Home / Berita Umum / MPR Sebut Pertemuan Jokowi-Prabowo Beri Kesejukan Bangsa

MPR Sebut Pertemuan Jokowi-Prabowo Beri Kesejukan Bangsa

MPR Sebut Pertemuan Jokowi-Prabowo Beri Kesejukan Bangsa – Anggota MPR RI dari Fraksi NasDem Syarief Abdullah Alkadrie menghargai pertemuan Presiden Joko Widodo dengan Prabowo Subianto di Stasiun MRT Lebak Bulus waktu lalu. Menurut dia, pertemuan itu bisa memberikan kesejukan pada bangsa.

“Pertemuan itu memberikan kesejukan pada bangsa,” tutur Syarief dalam info tercatat, Senin (15/7/2019).

Dalam acara diskusi Empat Pilar MPR bertopik ‘Rekonsiliasi untuk Persatuan Bangsa’ di Media Center, kompleks gedung MPR/DPR/DPD RI, Jakarta, itu, Syarief menjelaskan pemilu presiden dikerjakan tiap 5 tahun sekali. Dalam pemilu presiden tentunya ada pasangan calon.

“Dapat dua pasangan, tiga, bahkan juga empat,” katanya.

Pasangan itu tercipta dengan ketentuan perundangan, seperti harus penuhi ujung batas parlemen atau parliamentary threshold 20 % serta atau 25 % suara nasional. Konsolidasi yang dibuat, menurut Syarief, harus sesuai basis yang sama. Dia menyebutkan partainya memberi dukungan Joko Widodo sepanjang 2x pemilu presiden sebab memiliki kesamaan misi serta visi.

“Jadi konsolidasi dibuat tidak dengan pragmatis,” katanya. “Jika pragmatis ini yang butuh dikritisi,” imbuhnya.

Menurut Syarief, jika ada partai yang pilih di luar konsolidasi simpatisan pemerintahan, baginya itu tidak jadi permasalahan.

“Jadi oposisi itu satu bentuk kebersamaan,” katanya.

Adanya oposisi, menurut dia, membuat demokrasi yang ada jadi sehat serta bagus.

“Jadi bagus jika ada faksi yang memperingatkan,” tegasnya.

Syarief memandang pemilu presiden pada 2019 berlainan dengan pemilu presiden awalnya.

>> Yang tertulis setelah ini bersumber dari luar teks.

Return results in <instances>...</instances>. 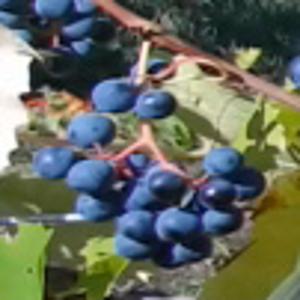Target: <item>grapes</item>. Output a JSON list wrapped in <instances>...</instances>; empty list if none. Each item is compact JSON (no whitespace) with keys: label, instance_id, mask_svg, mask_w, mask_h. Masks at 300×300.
Wrapping results in <instances>:
<instances>
[{"label":"grapes","instance_id":"2","mask_svg":"<svg viewBox=\"0 0 300 300\" xmlns=\"http://www.w3.org/2000/svg\"><path fill=\"white\" fill-rule=\"evenodd\" d=\"M98 6L91 0H32L31 26L43 30L51 21H60L56 49L64 55L87 58L97 49L92 36L99 23Z\"/></svg>","mask_w":300,"mask_h":300},{"label":"grapes","instance_id":"1","mask_svg":"<svg viewBox=\"0 0 300 300\" xmlns=\"http://www.w3.org/2000/svg\"><path fill=\"white\" fill-rule=\"evenodd\" d=\"M137 64L125 75L100 77L90 89L95 110H82L66 125L69 146H45L33 156L35 174L62 180L78 194L74 210L87 224L113 220L111 241L127 262L152 263L163 269L194 264L211 255L214 238L237 233L245 224L243 210L232 205L259 198L267 179L246 164L233 147H216L202 158L203 171L185 176L165 168L159 158L131 153L125 166L110 159L80 160L77 150L102 149L119 134L109 114L131 111L138 120H169L177 111L171 90L143 93L133 83Z\"/></svg>","mask_w":300,"mask_h":300},{"label":"grapes","instance_id":"3","mask_svg":"<svg viewBox=\"0 0 300 300\" xmlns=\"http://www.w3.org/2000/svg\"><path fill=\"white\" fill-rule=\"evenodd\" d=\"M14 5V0H0V22L8 29L12 30L22 41L29 42L33 38L32 30L20 21V16L16 12H10Z\"/></svg>","mask_w":300,"mask_h":300},{"label":"grapes","instance_id":"5","mask_svg":"<svg viewBox=\"0 0 300 300\" xmlns=\"http://www.w3.org/2000/svg\"><path fill=\"white\" fill-rule=\"evenodd\" d=\"M170 61L165 58H150L146 66V74L148 76H156L167 70Z\"/></svg>","mask_w":300,"mask_h":300},{"label":"grapes","instance_id":"4","mask_svg":"<svg viewBox=\"0 0 300 300\" xmlns=\"http://www.w3.org/2000/svg\"><path fill=\"white\" fill-rule=\"evenodd\" d=\"M286 79L294 89L300 90V53L290 57L286 68Z\"/></svg>","mask_w":300,"mask_h":300}]
</instances>
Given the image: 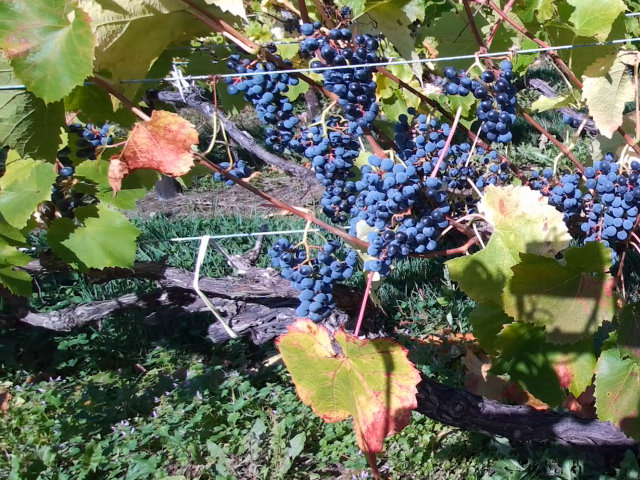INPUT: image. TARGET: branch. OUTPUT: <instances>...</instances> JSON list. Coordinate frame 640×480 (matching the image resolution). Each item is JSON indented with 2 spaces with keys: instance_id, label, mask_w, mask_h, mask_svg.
<instances>
[{
  "instance_id": "obj_1",
  "label": "branch",
  "mask_w": 640,
  "mask_h": 480,
  "mask_svg": "<svg viewBox=\"0 0 640 480\" xmlns=\"http://www.w3.org/2000/svg\"><path fill=\"white\" fill-rule=\"evenodd\" d=\"M191 155L198 161L203 162L204 164L212 167L216 172H222L227 178L233 179L235 181V185H237L239 188L243 189L244 191L256 197H259L260 199H263L267 202H270L274 204L276 207L281 208L285 211H288L289 213H292L307 222L315 223L317 226L327 228L331 234H333L335 237H338L346 241L347 243L358 245L362 248H368L370 246V243L368 241L362 240L361 238L350 236L342 232L341 230L336 229L328 221L319 219L317 216H312L310 214H307L305 211L300 210L295 206H292L288 203L280 201L278 198L270 194H267L266 192L258 190L253 186H250L249 184L245 183L241 179L231 175L229 172L223 169L215 160H212L211 158H208L207 156L200 154L196 149H193L191 151Z\"/></svg>"
},
{
  "instance_id": "obj_2",
  "label": "branch",
  "mask_w": 640,
  "mask_h": 480,
  "mask_svg": "<svg viewBox=\"0 0 640 480\" xmlns=\"http://www.w3.org/2000/svg\"><path fill=\"white\" fill-rule=\"evenodd\" d=\"M187 5L192 10H194L195 12H197V13L201 14L202 16H204L208 21H210L212 23H215L216 25H218L222 29L226 30L229 34H231L234 38L239 40L241 43L247 45L248 47L253 49L255 52H257L258 54L263 56L268 62L273 64L278 69H280V70H288L289 69V66L286 63H283L280 60H278L277 58H275L274 56H272L263 47L259 46L258 44H256L251 39H249V38L245 37L243 34L239 33L230 24H228L227 22H225L221 18H219L217 16H214L213 14H211L204 7L197 5L193 0H188L187 1Z\"/></svg>"
},
{
  "instance_id": "obj_3",
  "label": "branch",
  "mask_w": 640,
  "mask_h": 480,
  "mask_svg": "<svg viewBox=\"0 0 640 480\" xmlns=\"http://www.w3.org/2000/svg\"><path fill=\"white\" fill-rule=\"evenodd\" d=\"M378 71L381 75L389 77L390 79H392L394 82L398 83L403 89L413 92L416 95H418L420 98H422L423 100L426 101V103L428 105H430L431 107L437 109L442 115H444L446 118H449L451 121L455 120V116L440 102H437L436 100H434L432 97L424 94L422 91H420L419 89L409 86L407 85L402 79L398 78L396 75H394L392 72L389 71H385L383 68H378Z\"/></svg>"
},
{
  "instance_id": "obj_4",
  "label": "branch",
  "mask_w": 640,
  "mask_h": 480,
  "mask_svg": "<svg viewBox=\"0 0 640 480\" xmlns=\"http://www.w3.org/2000/svg\"><path fill=\"white\" fill-rule=\"evenodd\" d=\"M515 109L518 111L523 118H525L534 128H536L539 132H541L546 138L550 139L565 155L580 169H584V165L579 162V160L561 143L555 138L552 134H550L547 130H545L540 124H538L533 118L528 115L520 105H516Z\"/></svg>"
},
{
  "instance_id": "obj_5",
  "label": "branch",
  "mask_w": 640,
  "mask_h": 480,
  "mask_svg": "<svg viewBox=\"0 0 640 480\" xmlns=\"http://www.w3.org/2000/svg\"><path fill=\"white\" fill-rule=\"evenodd\" d=\"M93 81L102 86L110 95L119 99L130 111H132L135 115L141 118L143 121H147L149 116L137 108L124 94L114 89L105 79L100 78L99 76H95Z\"/></svg>"
},
{
  "instance_id": "obj_6",
  "label": "branch",
  "mask_w": 640,
  "mask_h": 480,
  "mask_svg": "<svg viewBox=\"0 0 640 480\" xmlns=\"http://www.w3.org/2000/svg\"><path fill=\"white\" fill-rule=\"evenodd\" d=\"M478 243V238L470 235L469 236V241L466 242L463 246L458 247V248H452V249H448L445 251H432L429 253H424V254H418V253H409L408 257L409 258H416V259H433L434 257L437 256H448L450 254H455V253H460L463 251H466L470 246H472L473 244H477Z\"/></svg>"
},
{
  "instance_id": "obj_7",
  "label": "branch",
  "mask_w": 640,
  "mask_h": 480,
  "mask_svg": "<svg viewBox=\"0 0 640 480\" xmlns=\"http://www.w3.org/2000/svg\"><path fill=\"white\" fill-rule=\"evenodd\" d=\"M488 5L495 10V12L503 19L505 20L508 24H510L513 28H515L518 32L522 33L523 35H525L526 37L530 38L531 40H533L535 43L539 44L541 47L543 46H549L548 44H546L543 40L539 39L536 35H533L531 32L527 31L526 29L522 28L520 25H518L514 20H512L509 16H507L506 14H504V12L500 9L499 6H497L493 0H488Z\"/></svg>"
},
{
  "instance_id": "obj_8",
  "label": "branch",
  "mask_w": 640,
  "mask_h": 480,
  "mask_svg": "<svg viewBox=\"0 0 640 480\" xmlns=\"http://www.w3.org/2000/svg\"><path fill=\"white\" fill-rule=\"evenodd\" d=\"M297 77L303 82L307 83L313 90L318 92L322 97L328 98L333 102H337L339 100V97L336 94H334L331 91L325 90L322 86H320L318 83H316L312 78H310L306 74L298 73Z\"/></svg>"
},
{
  "instance_id": "obj_9",
  "label": "branch",
  "mask_w": 640,
  "mask_h": 480,
  "mask_svg": "<svg viewBox=\"0 0 640 480\" xmlns=\"http://www.w3.org/2000/svg\"><path fill=\"white\" fill-rule=\"evenodd\" d=\"M464 8H465V12L466 15L469 17L472 27H473V32H474V36H475V41L477 43V46L479 48V50L483 53H489V49L485 48L481 38H480V34H479V30H478V24L477 21L475 19V16L473 15V13L471 12L470 6L468 2L464 3Z\"/></svg>"
},
{
  "instance_id": "obj_10",
  "label": "branch",
  "mask_w": 640,
  "mask_h": 480,
  "mask_svg": "<svg viewBox=\"0 0 640 480\" xmlns=\"http://www.w3.org/2000/svg\"><path fill=\"white\" fill-rule=\"evenodd\" d=\"M550 56L557 62L558 65H561V67L563 68V70L565 71V73L568 75V77L579 87L582 88L583 87V83L571 72L570 68L567 66L566 62L564 61V59L558 55V51L557 50H551L549 51Z\"/></svg>"
},
{
  "instance_id": "obj_11",
  "label": "branch",
  "mask_w": 640,
  "mask_h": 480,
  "mask_svg": "<svg viewBox=\"0 0 640 480\" xmlns=\"http://www.w3.org/2000/svg\"><path fill=\"white\" fill-rule=\"evenodd\" d=\"M457 127L459 128V130L465 134V136L470 140H476L475 142V146L479 147L480 145L486 149L487 151H491L492 147L490 145H488L487 143H485L484 140L482 139H477V134L475 132H473L470 128H468L467 126H465L464 124H462L461 122L457 123Z\"/></svg>"
},
{
  "instance_id": "obj_12",
  "label": "branch",
  "mask_w": 640,
  "mask_h": 480,
  "mask_svg": "<svg viewBox=\"0 0 640 480\" xmlns=\"http://www.w3.org/2000/svg\"><path fill=\"white\" fill-rule=\"evenodd\" d=\"M497 157L507 165V167L516 175V177L520 180L522 184H524L528 189L533 188V185L524 178V176L520 173V171L512 164V162L506 156H504L502 153H498Z\"/></svg>"
},
{
  "instance_id": "obj_13",
  "label": "branch",
  "mask_w": 640,
  "mask_h": 480,
  "mask_svg": "<svg viewBox=\"0 0 640 480\" xmlns=\"http://www.w3.org/2000/svg\"><path fill=\"white\" fill-rule=\"evenodd\" d=\"M364 136L368 140V143L371 145V147H372L373 151L375 152V154L379 158L385 159L387 157V154L384 151L381 150L380 146L376 142L375 138L373 137V135L371 134V131L369 129H366L364 131Z\"/></svg>"
},
{
  "instance_id": "obj_14",
  "label": "branch",
  "mask_w": 640,
  "mask_h": 480,
  "mask_svg": "<svg viewBox=\"0 0 640 480\" xmlns=\"http://www.w3.org/2000/svg\"><path fill=\"white\" fill-rule=\"evenodd\" d=\"M618 132L624 138L625 142L628 143L636 151L637 154H640L639 146L629 138L628 134L625 132V130L622 127L618 128Z\"/></svg>"
},
{
  "instance_id": "obj_15",
  "label": "branch",
  "mask_w": 640,
  "mask_h": 480,
  "mask_svg": "<svg viewBox=\"0 0 640 480\" xmlns=\"http://www.w3.org/2000/svg\"><path fill=\"white\" fill-rule=\"evenodd\" d=\"M299 9H300V12H301V14H302V16H303V20H304L305 22H309V21H310V18H309V16H308L307 11H306V7H305L304 0H299Z\"/></svg>"
}]
</instances>
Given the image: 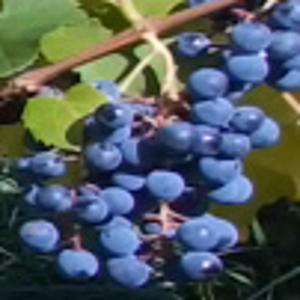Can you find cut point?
Returning a JSON list of instances; mask_svg holds the SVG:
<instances>
[{"mask_svg":"<svg viewBox=\"0 0 300 300\" xmlns=\"http://www.w3.org/2000/svg\"><path fill=\"white\" fill-rule=\"evenodd\" d=\"M152 42L155 47L153 48L152 52L144 57L134 68L133 70L123 79L120 89L125 91L130 82L139 74V72L151 61H153L159 53L164 55L166 66H167V82L172 84L177 82V65L173 62V52L166 47L163 42L157 37L156 39L150 41Z\"/></svg>","mask_w":300,"mask_h":300,"instance_id":"cut-point-1","label":"cut point"}]
</instances>
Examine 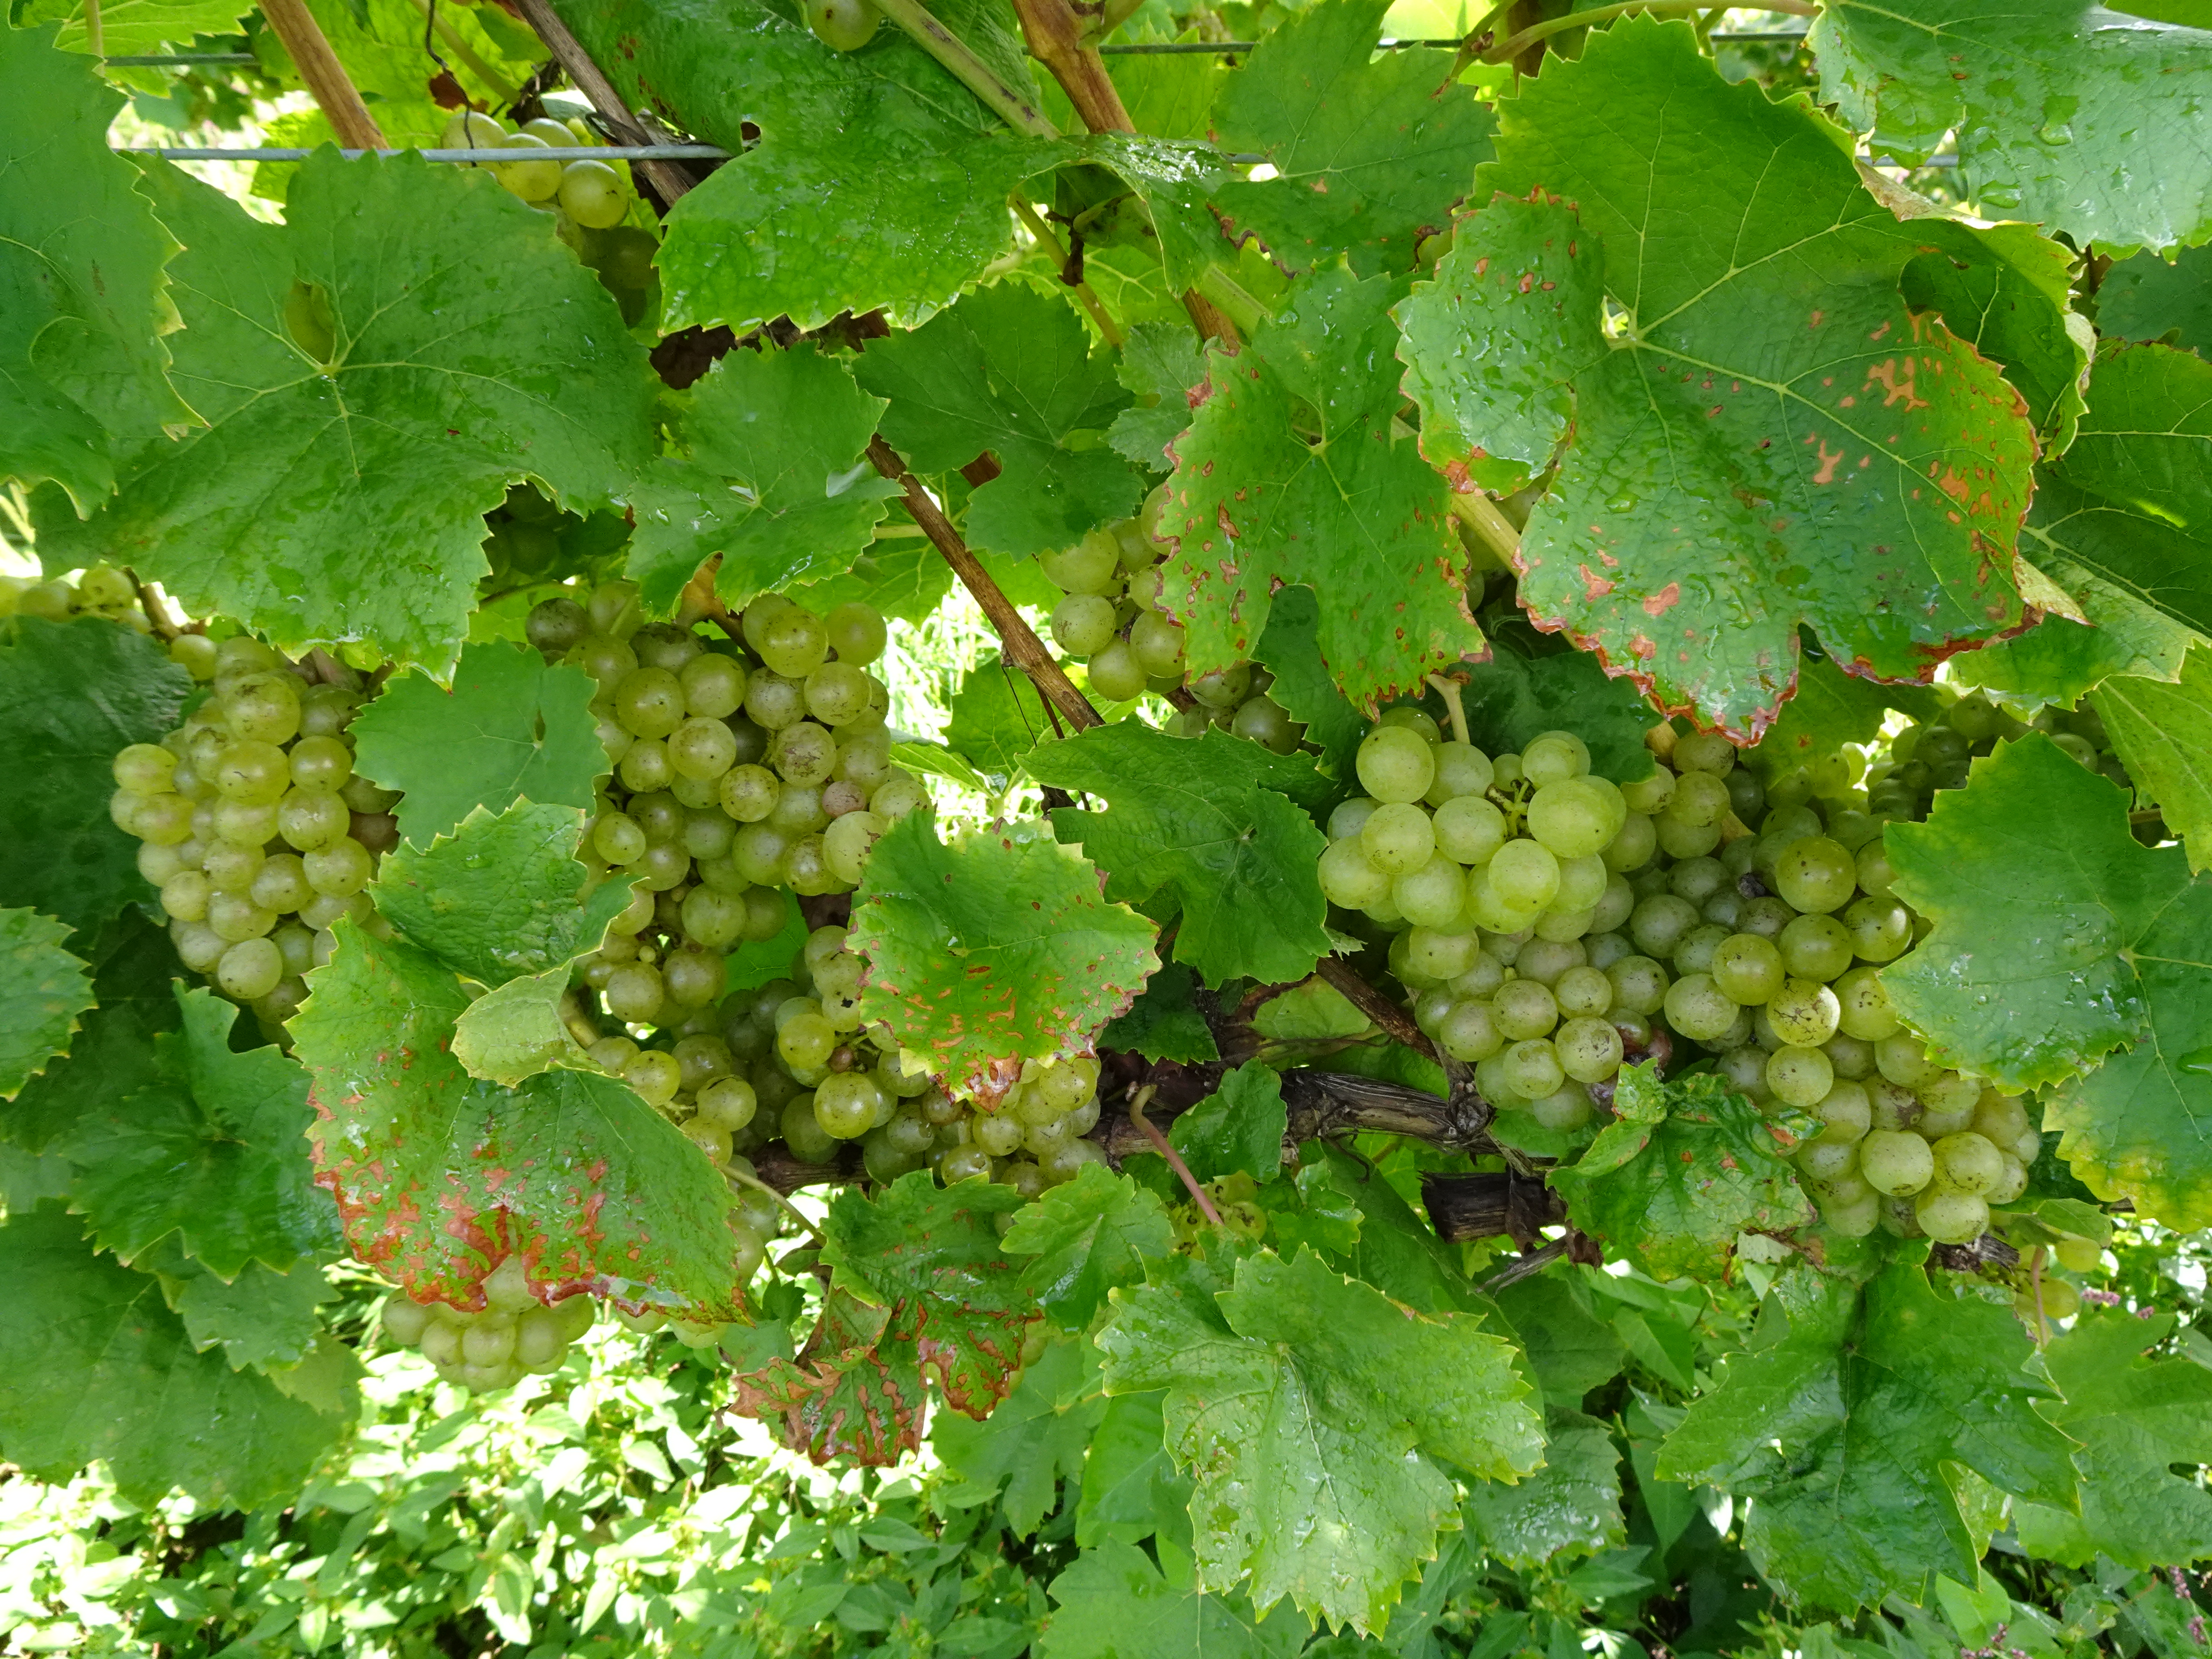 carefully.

Pada pemilu presiden kesempatan ini ada kekuatan yang meneror persatuan serta kesatuan bangsa. Desas-desus strategis ditaklukkan oleh desas-desus primordial.

“Mungkin saja ini untuk mengusung emosional simpatisan,” katanya.

“Banyak info yang diplintir,” imbuhnya.

Karena itu, Syarief mengharap rekonsiliasi yang dibuat berbentuk makro, untuk kebutuhan bangsa, kebutuhan besar yang butuh dipersamakan. Ia kembali mengaku jika antara warga masih ada yang tidak dewasa dalam berpolitik dimana ada yang belum mengaku kekalahan.

Menanggapi hal tersebut, butuh bersama dengan untuk hilangkan riak-riak. Menurut dia, ke depan butuh membuat rasa kebersamaan. Setelah pemilu presiden, dia mengharap semua kembali pada kegiatan sebelumnya sambil memupuk rasa berkebangsaan.

Dalam peluang itu, anggota MPR dari Fraksi Partai Gerindra Sodik Mujahid menjelaskan rekonsiliasi tidak jadi permasalahan sepanjang masih juga dalam frame Pancasila, UUD NRI Tahun 1945, NKRI, serta Bhinneka Tunggal Ika.

“Sepanjang dalam frame Empat Pilar MPR, rekonsiliasi tidak masalah,” katanya.

Menurut Sodik, nilai-nilai seperti itu yang butuh di ajarkan pada warga. Nilai-nilai Empat Pilar harus jadikan basic dalam demokrasi bangsa ini, dalam cek and balances.

“Kita akan mengomentari sekeras apa pun namun dalam frame Empat Pilar, frame konstitusi,” katanya.

Meskipun begitu, lanjut Sodik, Partai Gerindra akan memberikan pujian pada serta menghargai langkah pemerintah jika benar dalam jalankan pembangunan. Menurut dia, Ketua Umum Partai Gerindra Prabowo Subianto lebih memprioritaskan kebutuhan bangsa.